◆ What the task asks
Copy each line of the data that has "fill" in it.

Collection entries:
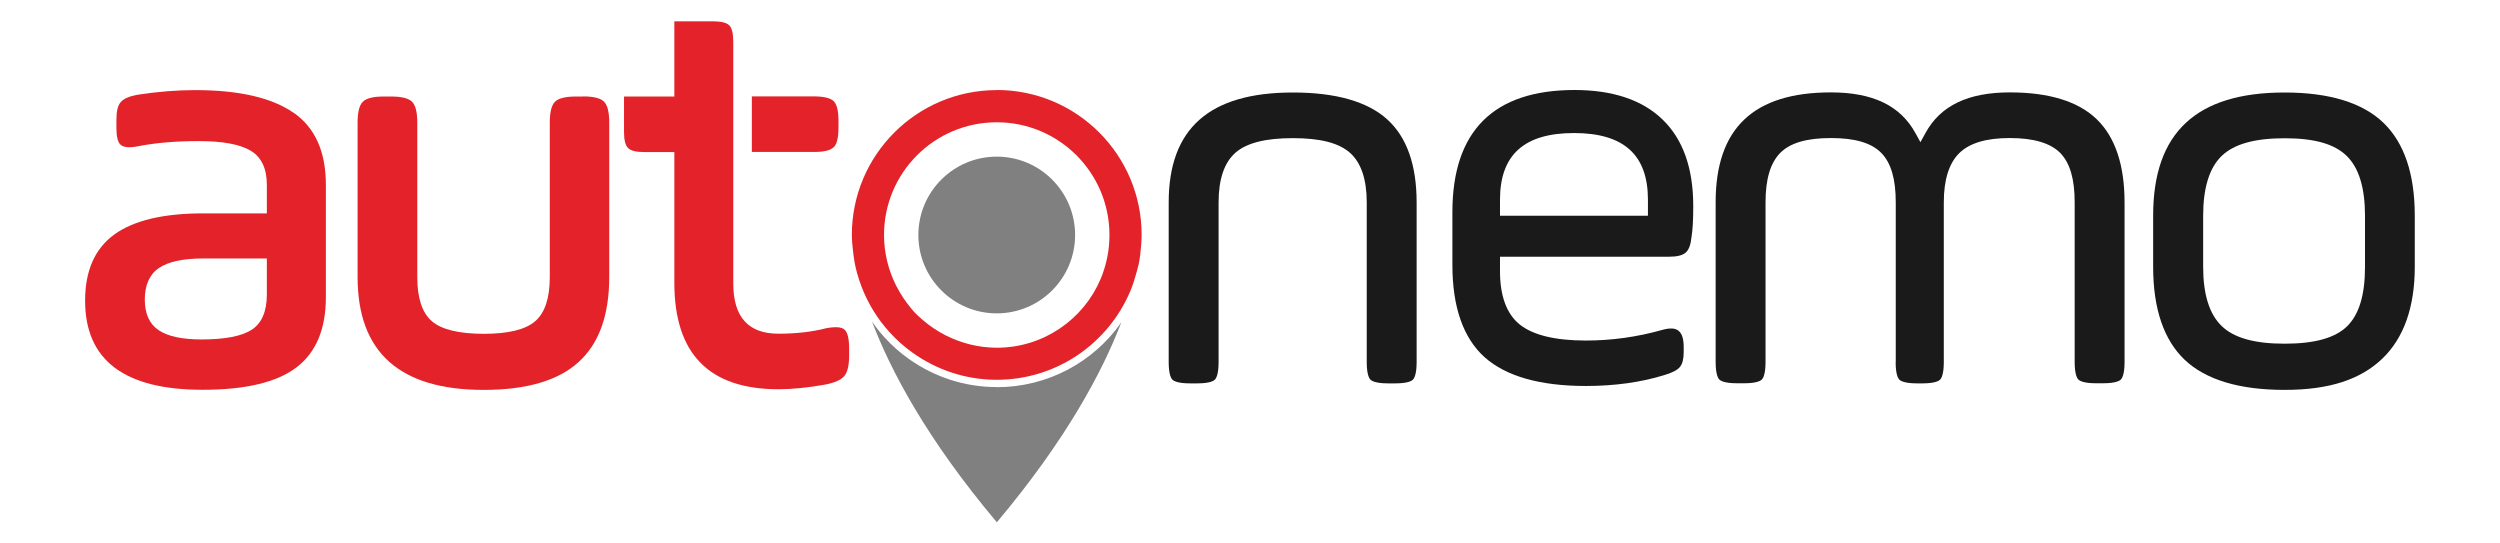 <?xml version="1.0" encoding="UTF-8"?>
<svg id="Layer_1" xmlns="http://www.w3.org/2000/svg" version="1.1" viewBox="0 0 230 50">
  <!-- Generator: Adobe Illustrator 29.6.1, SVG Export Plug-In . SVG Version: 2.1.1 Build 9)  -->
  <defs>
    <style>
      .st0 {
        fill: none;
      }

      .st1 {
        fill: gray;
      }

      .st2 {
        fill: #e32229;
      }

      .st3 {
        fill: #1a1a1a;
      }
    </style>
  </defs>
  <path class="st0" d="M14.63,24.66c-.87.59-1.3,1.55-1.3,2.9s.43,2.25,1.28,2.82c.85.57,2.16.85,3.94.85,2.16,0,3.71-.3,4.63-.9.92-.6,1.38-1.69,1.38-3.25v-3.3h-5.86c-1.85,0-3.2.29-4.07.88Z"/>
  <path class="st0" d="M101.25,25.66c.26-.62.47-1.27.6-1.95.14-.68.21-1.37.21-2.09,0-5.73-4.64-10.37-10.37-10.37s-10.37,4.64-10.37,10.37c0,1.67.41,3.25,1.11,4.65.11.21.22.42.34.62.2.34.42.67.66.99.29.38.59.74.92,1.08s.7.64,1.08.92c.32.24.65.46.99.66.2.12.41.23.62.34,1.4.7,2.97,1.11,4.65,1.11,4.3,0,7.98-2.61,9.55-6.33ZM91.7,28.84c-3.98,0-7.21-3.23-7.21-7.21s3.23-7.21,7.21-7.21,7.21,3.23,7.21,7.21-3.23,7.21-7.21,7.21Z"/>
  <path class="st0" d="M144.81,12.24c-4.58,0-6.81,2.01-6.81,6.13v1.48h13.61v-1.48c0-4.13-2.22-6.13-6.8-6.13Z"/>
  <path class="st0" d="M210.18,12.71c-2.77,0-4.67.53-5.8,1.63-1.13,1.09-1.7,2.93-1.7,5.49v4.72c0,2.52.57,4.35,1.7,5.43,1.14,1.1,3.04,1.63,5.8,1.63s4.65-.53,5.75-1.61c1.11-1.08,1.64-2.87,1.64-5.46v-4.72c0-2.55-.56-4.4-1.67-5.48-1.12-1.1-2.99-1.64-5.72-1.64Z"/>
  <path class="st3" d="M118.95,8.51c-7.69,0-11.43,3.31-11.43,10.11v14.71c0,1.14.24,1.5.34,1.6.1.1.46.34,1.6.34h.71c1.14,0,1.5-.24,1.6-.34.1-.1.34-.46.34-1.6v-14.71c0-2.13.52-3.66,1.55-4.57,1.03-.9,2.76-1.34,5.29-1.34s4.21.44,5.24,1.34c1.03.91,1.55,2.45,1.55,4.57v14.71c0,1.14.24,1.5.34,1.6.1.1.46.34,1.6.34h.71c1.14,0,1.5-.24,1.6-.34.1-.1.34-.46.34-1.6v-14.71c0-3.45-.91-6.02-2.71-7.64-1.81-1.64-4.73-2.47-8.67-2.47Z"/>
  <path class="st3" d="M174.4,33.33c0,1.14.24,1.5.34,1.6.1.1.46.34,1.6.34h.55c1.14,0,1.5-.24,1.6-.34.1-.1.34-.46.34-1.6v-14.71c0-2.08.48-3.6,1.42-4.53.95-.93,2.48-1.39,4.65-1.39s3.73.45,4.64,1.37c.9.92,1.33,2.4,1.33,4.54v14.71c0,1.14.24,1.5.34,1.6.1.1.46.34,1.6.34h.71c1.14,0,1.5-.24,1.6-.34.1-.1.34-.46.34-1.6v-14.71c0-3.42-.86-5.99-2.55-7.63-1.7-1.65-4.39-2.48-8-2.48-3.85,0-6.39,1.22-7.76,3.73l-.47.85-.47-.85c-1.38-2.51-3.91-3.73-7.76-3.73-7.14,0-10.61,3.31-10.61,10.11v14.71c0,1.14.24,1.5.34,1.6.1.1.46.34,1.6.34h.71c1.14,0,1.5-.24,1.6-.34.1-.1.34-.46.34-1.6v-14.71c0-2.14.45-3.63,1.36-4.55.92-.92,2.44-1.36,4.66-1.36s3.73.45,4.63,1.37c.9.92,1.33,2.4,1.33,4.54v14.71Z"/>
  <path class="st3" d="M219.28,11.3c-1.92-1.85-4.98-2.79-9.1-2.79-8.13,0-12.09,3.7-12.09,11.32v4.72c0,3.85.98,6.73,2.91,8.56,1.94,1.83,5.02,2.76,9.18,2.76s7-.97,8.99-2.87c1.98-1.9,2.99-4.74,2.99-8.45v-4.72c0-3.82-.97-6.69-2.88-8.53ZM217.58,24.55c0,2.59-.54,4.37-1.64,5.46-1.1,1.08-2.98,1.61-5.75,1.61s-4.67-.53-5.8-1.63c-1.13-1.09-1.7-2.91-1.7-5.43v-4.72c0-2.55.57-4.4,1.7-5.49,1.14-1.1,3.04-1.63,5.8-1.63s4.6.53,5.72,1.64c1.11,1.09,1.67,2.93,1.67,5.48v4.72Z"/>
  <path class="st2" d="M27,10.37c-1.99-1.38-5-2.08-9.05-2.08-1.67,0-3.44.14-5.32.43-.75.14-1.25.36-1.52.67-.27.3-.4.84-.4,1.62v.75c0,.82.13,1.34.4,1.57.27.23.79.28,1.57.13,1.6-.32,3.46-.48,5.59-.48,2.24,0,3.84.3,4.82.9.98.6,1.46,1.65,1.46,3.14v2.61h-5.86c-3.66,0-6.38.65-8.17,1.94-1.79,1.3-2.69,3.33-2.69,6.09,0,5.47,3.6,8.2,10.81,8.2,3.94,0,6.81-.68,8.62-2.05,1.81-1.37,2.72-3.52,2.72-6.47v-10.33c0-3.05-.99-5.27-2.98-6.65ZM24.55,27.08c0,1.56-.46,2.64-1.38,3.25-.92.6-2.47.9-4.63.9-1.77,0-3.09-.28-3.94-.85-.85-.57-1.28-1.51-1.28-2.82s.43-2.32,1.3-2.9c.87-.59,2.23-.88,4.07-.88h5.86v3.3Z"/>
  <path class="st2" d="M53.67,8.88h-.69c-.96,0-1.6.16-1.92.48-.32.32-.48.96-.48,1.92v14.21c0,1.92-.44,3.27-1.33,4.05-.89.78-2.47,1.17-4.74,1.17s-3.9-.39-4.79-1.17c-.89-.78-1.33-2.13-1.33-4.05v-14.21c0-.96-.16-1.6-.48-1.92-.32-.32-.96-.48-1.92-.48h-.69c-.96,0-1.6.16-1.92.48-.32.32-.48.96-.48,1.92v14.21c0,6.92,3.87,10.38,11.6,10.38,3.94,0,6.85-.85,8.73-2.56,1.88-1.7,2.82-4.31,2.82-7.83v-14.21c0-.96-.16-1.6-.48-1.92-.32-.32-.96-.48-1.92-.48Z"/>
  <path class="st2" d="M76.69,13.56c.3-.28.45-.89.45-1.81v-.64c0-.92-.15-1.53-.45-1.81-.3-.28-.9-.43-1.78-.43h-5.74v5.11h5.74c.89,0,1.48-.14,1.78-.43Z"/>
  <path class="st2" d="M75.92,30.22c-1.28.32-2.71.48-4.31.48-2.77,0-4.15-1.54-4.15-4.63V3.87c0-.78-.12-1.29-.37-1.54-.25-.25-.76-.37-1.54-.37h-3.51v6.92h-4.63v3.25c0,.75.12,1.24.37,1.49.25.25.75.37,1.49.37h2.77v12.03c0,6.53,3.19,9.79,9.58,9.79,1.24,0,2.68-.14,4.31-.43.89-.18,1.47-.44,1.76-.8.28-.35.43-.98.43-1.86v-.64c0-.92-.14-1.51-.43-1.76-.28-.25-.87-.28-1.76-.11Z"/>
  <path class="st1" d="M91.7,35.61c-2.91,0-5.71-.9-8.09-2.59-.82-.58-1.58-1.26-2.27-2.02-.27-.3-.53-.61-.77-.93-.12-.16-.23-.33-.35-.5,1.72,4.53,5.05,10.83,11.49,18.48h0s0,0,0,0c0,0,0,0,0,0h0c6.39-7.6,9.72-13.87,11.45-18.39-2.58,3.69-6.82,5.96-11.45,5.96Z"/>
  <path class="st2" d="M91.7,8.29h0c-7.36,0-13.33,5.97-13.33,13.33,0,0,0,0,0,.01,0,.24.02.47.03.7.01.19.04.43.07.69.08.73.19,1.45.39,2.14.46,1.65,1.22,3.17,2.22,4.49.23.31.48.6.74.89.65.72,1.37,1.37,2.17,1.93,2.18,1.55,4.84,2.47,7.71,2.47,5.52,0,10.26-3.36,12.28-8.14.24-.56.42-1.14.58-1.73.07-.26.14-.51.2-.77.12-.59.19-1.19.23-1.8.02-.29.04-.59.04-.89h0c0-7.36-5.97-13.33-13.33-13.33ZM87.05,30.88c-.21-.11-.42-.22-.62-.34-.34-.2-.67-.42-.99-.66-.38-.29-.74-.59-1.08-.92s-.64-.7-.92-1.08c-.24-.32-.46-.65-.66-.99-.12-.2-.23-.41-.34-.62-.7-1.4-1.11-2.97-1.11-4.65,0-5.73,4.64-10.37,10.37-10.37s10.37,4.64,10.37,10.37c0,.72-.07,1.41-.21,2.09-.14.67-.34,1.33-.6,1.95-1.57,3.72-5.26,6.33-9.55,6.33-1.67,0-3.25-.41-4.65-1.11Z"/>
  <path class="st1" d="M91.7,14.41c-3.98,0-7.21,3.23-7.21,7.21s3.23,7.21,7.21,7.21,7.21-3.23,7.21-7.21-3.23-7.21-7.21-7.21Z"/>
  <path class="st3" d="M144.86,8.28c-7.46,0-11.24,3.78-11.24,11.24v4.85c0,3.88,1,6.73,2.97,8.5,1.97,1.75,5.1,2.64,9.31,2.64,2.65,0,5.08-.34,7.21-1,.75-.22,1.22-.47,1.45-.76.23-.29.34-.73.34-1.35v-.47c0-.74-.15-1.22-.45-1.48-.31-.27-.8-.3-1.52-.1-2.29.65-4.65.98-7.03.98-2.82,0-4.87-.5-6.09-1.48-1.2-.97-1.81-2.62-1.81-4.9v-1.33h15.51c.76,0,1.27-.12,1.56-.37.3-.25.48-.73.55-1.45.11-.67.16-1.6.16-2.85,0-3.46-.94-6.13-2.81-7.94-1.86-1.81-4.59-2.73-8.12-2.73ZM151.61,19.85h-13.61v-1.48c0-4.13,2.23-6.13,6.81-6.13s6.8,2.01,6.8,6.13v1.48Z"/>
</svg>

◆ Written answer
        fill: none;
        fill: gray;
        fill: #e32229;
        fill: #1a1a1a;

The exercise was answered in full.